◆ What is expected:
Could you reproduce, word for word, everything below from the line containing "#1460=ORIENTED_EDGE('',*,*,#1097,.T.);" down to the line containing "#2474=DIRECTION('ref_axis',(0.,-1.,0.));", with both of those lines included and no others?

◆ Information:
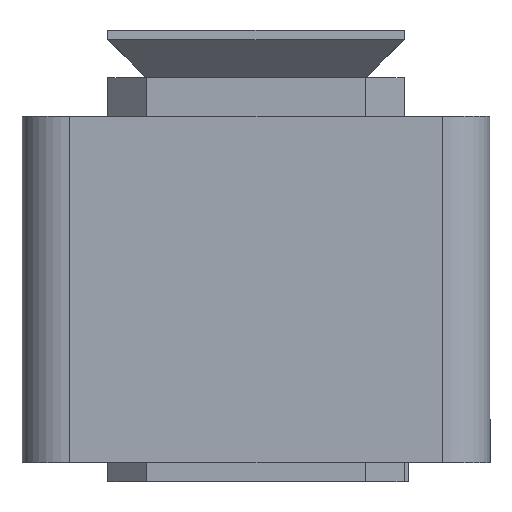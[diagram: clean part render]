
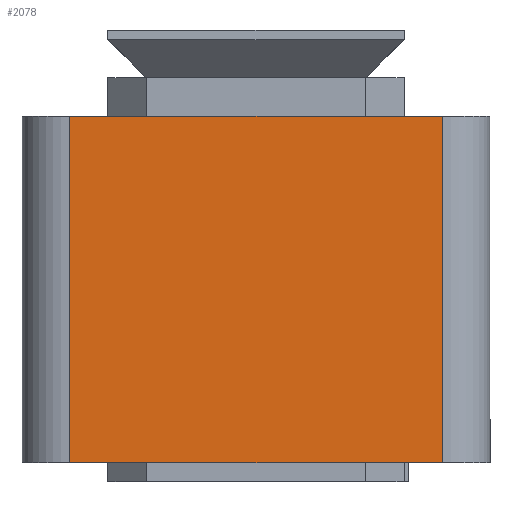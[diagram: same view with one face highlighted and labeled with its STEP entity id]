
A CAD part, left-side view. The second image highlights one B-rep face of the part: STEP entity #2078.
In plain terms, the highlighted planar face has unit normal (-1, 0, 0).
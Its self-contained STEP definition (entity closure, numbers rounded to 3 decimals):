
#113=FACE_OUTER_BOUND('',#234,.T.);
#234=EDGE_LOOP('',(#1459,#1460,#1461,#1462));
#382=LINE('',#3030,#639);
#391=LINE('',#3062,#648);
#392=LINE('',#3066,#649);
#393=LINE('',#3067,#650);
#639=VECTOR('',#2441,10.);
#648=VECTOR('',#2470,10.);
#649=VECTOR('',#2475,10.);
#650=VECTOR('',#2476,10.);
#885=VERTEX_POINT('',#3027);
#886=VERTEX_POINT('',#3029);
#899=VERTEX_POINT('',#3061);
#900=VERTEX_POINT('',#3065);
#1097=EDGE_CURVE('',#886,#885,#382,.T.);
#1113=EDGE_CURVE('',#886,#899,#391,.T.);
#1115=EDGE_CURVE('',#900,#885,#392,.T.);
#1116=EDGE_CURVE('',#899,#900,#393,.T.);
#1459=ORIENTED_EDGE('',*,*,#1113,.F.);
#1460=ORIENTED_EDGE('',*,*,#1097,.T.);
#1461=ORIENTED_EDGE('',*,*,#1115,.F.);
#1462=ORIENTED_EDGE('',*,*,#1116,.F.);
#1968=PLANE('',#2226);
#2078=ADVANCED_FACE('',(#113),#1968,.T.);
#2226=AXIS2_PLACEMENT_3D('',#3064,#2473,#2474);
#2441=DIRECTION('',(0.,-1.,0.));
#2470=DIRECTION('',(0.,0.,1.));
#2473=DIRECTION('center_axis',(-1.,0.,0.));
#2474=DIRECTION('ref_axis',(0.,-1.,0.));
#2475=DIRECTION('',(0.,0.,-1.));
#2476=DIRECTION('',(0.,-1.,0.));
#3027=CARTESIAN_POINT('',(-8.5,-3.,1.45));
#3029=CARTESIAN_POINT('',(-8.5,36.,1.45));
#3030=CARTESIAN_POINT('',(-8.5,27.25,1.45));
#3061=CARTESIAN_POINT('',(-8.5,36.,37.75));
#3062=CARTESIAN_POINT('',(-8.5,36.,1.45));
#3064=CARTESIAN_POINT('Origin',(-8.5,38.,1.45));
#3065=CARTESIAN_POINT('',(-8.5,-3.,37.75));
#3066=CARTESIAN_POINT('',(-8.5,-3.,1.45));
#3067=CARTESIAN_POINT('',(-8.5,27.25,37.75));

◆ Answer area:
#1460=ORIENTED_EDGE('',*,*,#1097,.T.);
#1461=ORIENTED_EDGE('',*,*,#1115,.F.);
#1462=ORIENTED_EDGE('',*,*,#1116,.F.);
#1968=PLANE('',#2226);
#2078=ADVANCED_FACE('',(#113),#1968,.T.);
#2226=AXIS2_PLACEMENT_3D('',#3064,#2473,#2474);
#2441=DIRECTION('',(0.,-1.,0.));
#2470=DIRECTION('',(0.,0.,1.));
#2473=DIRECTION('center_axis',(-1.,0.,0.));
#2474=DIRECTION('ref_axis',(0.,-1.,0.));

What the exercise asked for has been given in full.